Glycobiology vol. 10 no. 7 pp. 645–648, 2000
MINI REVIEW
Transport of free and N-linked oligomannoside species across the rough endoplasmic
reticulum membranes
René Cacan1 and André Verbert
Laboratoire de Chimie Biologique, CNRS-UMR 8576, Université des
Sciences et Technologies de Lille, 59655 Villeneuve d’Ascq Cedex, France
Accepted on February 25, 2000
The N-glycosylation process occurs in the rough endoplasmic reticulum. It requires the transport of glycosyl
donors into the lumen and the exit of the glycosylated products toward the secretory pathway. Besides this main flow,
the formation of free oligomannosides, glycopeptides, and
misfolded glycoproteins which do not enter the secretory
pathway and are cleared out of the endoplasmic reticulum
by specific transports has been demonstrated. This review
focuses on the export mechanisms of these three side products of the N-glycosylation process and discusses their
physiological significance.
Key words: N-glycosylation/oligomannoside/endoplasmic
reticulum/transport
Introduction
In eukaryotic cells, the rough endoplasmic reticulum (ER)

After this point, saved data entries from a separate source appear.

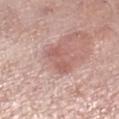This lesion was catalogued during total-body skin photography and was not selected for biopsy. A region of skin cropped from a whole-body photographic capture, roughly 15 mm wide. On the right lower leg. Captured under white-light illumination. A female patient roughly 70 years of age.
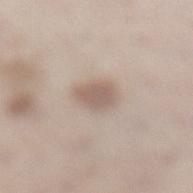diameter — about 3 mm
patient — female, approximately 45 years of age
imaging modality — total-body-photography crop, ~15 mm field of view
body site — the left lower leg
illumination — white-light illumination
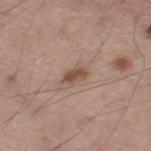workup: catalogued during a skin exam; not biopsied
location: the leg
acquisition: ~15 mm crop, total-body skin-cancer survey
subject: male, aged 53 to 57
size: about 3 mm
illumination: white-light illumination
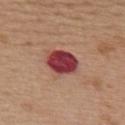| field | value |
|---|---|
| biopsy status | total-body-photography surveillance lesion; no biopsy |
| automated lesion analysis | a lesion area of about 10 mm², an eccentricity of roughly 0.6, and two-axis asymmetry of about 0.2; an automated nevus-likeness rating near 0 out of 100 and a lesion-detection confidence of about 100/100 |
| lesion diameter | about 4 mm |
| location | the upper back |
| image | 15 mm crop, total-body photography |
| lighting | white-light illumination |
| patient | female, about 40 years old |
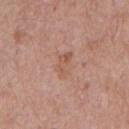| field | value |
|---|---|
| biopsy status | catalogued during a skin exam; not biopsied |
| patient | male, approximately 70 years of age |
| body site | the chest |
| image-analysis metrics | a mean CIELAB color near L≈56 a*≈21 b*≈29, roughly 6 lightness units darker than nearby skin, and a normalized lesion–skin contrast near 5; border irregularity of about 3 on a 0–10 scale, internal color variation of about 4 on a 0–10 scale, and a peripheral color-asymmetry measure near 1.5 |
| lesion size | ~3 mm (longest diameter) |
| illumination | white-light illumination |
| image | total-body-photography crop, ~15 mm field of view |
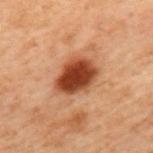image = ~15 mm crop, total-body skin-cancer survey
site = the upper back
patient = male, roughly 70 years of age
tile lighting = cross-polarized illumination
automated lesion analysis = a lesion area of about 14 mm² and two-axis asymmetry of about 0.2; a mean CIELAB color near L≈34 a*≈22 b*≈29; border irregularity of about 2 on a 0–10 scale; a nevus-likeness score of about 100/100 and a detector confidence of about 100 out of 100 that the crop contains a lesion
lesion diameter = ~5 mm (longest diameter)
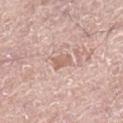Notes:
* workup — no biopsy performed (imaged during a skin exam)
* body site — the right lower leg
* subject — male, aged 58–62
* image source — total-body-photography crop, ~15 mm field of view

plays a key role in the biosynthesis and the quality control of
secretory and membrane glycoproteins. This requires an input
of glycosyl donors into the system and an output of glycosylated products. With respect to the dolichol cycle, this input
involves the transmembrane transport of mannose-phosphodolichol (Man-P-Dol) and glucose-phospho-dolichol (Glc-PDol) as well as the Man5GlcNAc2-PP-Dol intermediate. The
final Glc3Man9GlcNAc2-pyrophospho-dolichol is used as
donor in an “en bloc” transfer reaction to asparagine residues
of the acceptor protein. In the ER, the input also concerns the
entry of UDP-Glc (Vanstapel and Blanckaert, 1988; Castro et
al., 1999) as a substrate for unfolded protein reglucosylation, a
prerequisite for retention by calnexin or calreticulin. Once core
glycosylation and folding are completed successfully,
membrane and secretory glycoproteins are packaged into ERto-Golgi transport vesicles. This constitutes the major pathway
for the sorting of glycosylated proteins synthesized in the ER.
Besides this main flow toward the Golgi apparatus, several
different lines of research have demonstrated that free oligomannosides, glycopeptides, and misfolded glycoproteins do
1To
whom correspondence should be addressed
© 2000 Oxford University Press
not follow the secretory pathway but are transported across the
membrane from the ER lumen to the cytosol.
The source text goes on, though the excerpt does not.